A flaw in a Cerner electronic health record (EHR) deployed at the Mann-Grandstaff VA Medical Center in Spokane, Washington included an “unknown queue” that resulted in thousands of patient care issues, according to Deputy Inspector General David Case in the Office Of Inspector General, Department Of Veterans Affairs.
“Over the past year, the OIG has been examining how the new EHR has been affecting users and patients. Most recently, the OIG determined that the new EHR system directed thousands of medical orders to an “unknown queue” that was not evident to the clinical and administrative staff responsible for addressing them. The OIG also found that the Veterans Health Administration (VHA) determined the lack of knowledge and maintenance of the unknown queue created significant risk and caused harm to nearly 150 veterans.

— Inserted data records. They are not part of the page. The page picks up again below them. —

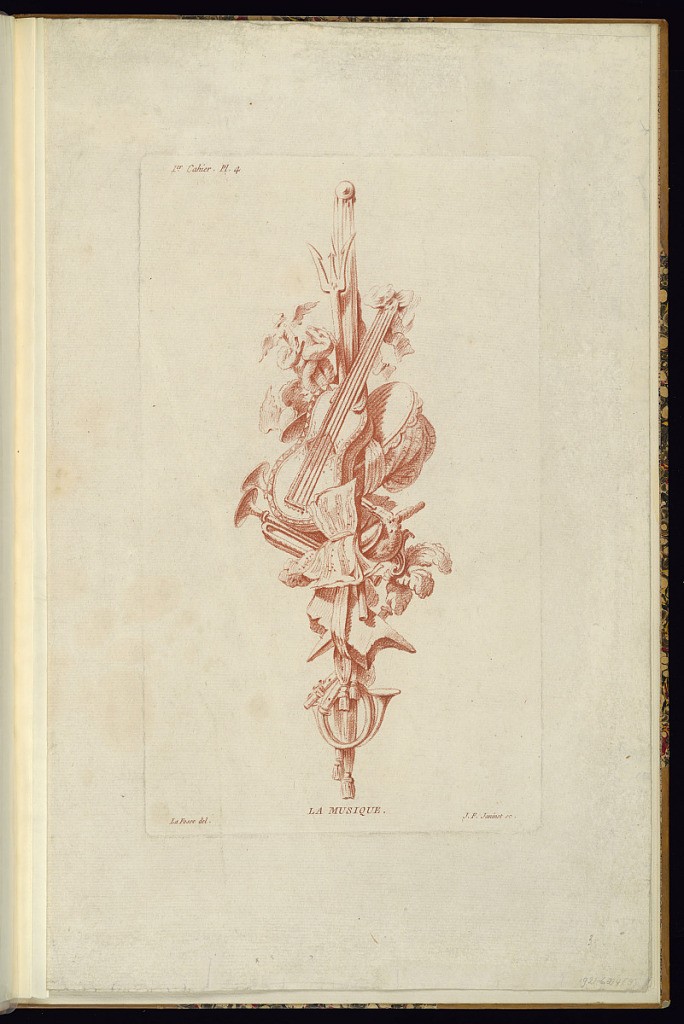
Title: LA MUSIQUE
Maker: Jean-Charles Delafosse, French, 1734 – 1789
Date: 1772–77
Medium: Crayon-manner etching in red ink on laid paper
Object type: Print
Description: Design for an ornamental hanging trophy featuring objects associated music. The objects include a guitar or small stringed instrument, trumpets, French horn, musette or bagpipe, feathers, sheet music, ribbons, a triton, winged helmet, and a caduceus with snakes. The plate is titled, numbered, and signed.
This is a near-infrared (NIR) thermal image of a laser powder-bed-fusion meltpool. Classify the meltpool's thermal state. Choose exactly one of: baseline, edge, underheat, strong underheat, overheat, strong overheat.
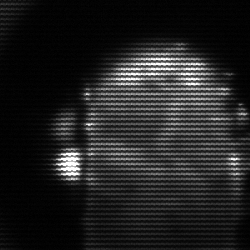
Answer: baseline
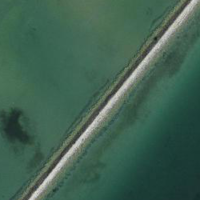
EUNIS habitat code: 14
Species observed at this site:
Sterna hirundo

As recently as July 2022, hundreds of orders remained in the unknown queue across VA sites implementing the new system. The Deputy Secretary’s response to the unknown queue report asserted that issues with the unknown queue have been resolved. However, VA stated that mitigation work continues, and Oracle Cerner leadership confirmed in Congressional testimony last week that further technology updates are required,” Case said.
“Looking back to October 24, 2020, through May 8, 2022, VHA identified 1,134 total patient safety events related to the new EHR. VHA’s analysis identified one catastrophic patient harm (death or major permanent loss of function) and two major patient harm cases (permanent lessening of bodily functioning), one of which was related to the unknown queue,” he added later.